▶ How to complete this task: Omit the pictures from the entries below and retype everything else exactly.

▶ Data section:
.....

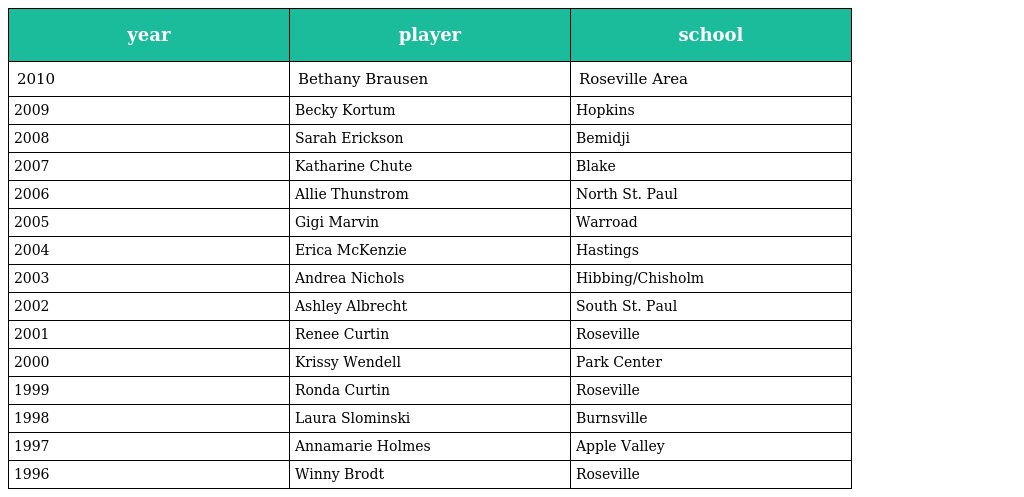
| year | player | school |
 | --- | --- | --- |
 | 2010 | Bethany Brausen | Roseville Area |
 | 2009 | Becky Kortum | Hopkins |
 | 2008 | Sarah Erickson | Bemidji |
 | 2007 | Katharine Chute | Blake |
 | 2006 | Allie Thunstrom | North St. Paul |
 | 2005 | Gigi Marvin | Warroad |
 | 2004 | Erica McKenzie | Hastings |
 | 2003 | Andrea Nichols | Hibbing/Chisholm |
 | 2002 | Ashley Albrecht | South St. Paul |
 | 2001 | Renee Curtin | Roseville |
 | 2000 | Krissy Wendell | Park Center |
 | 1999 | Ronda Curtin | Roseville |
 | 1998 | Laura Slominski | Burnsville |
 | 1997 | Annamarie Holmes | Apple Valley |
 | 1996 | Winny Brodt | Roseville |

.....

▶ Solved problem:
| year | player | school |
 | --- | --- | --- |
 | 2010 | Bethany Brausen | Roseville Area |
 | 2009 | Becky Kortum | Hopkins |
 | 2008 | Sarah Erickson | Bemidji |
 | 2007 | Katharine Chute | Blake |
 | 2006 | Allie Thunstrom | North St. Paul |
 | 2005 | Gigi Marvin | Warroad |
 | 2004 | Erica McKenzie | Hastings |
 | 2003 | Andrea Nichols | Hibbing/Chisholm |
 | 2002 | Ashley Albrecht | South St. Paul |
 | 2001 | Renee Curtin | Roseville |
 | 2000 | Krissy Wendell | Park Center |
 | 1999 | Ronda Curtin | Roseville |
 | 1998 | Laura Slominski | Burnsville |
 | 1997 | Annamarie Holmes | Apple Valley |
 | 1996 | Winny Brodt | Roseville |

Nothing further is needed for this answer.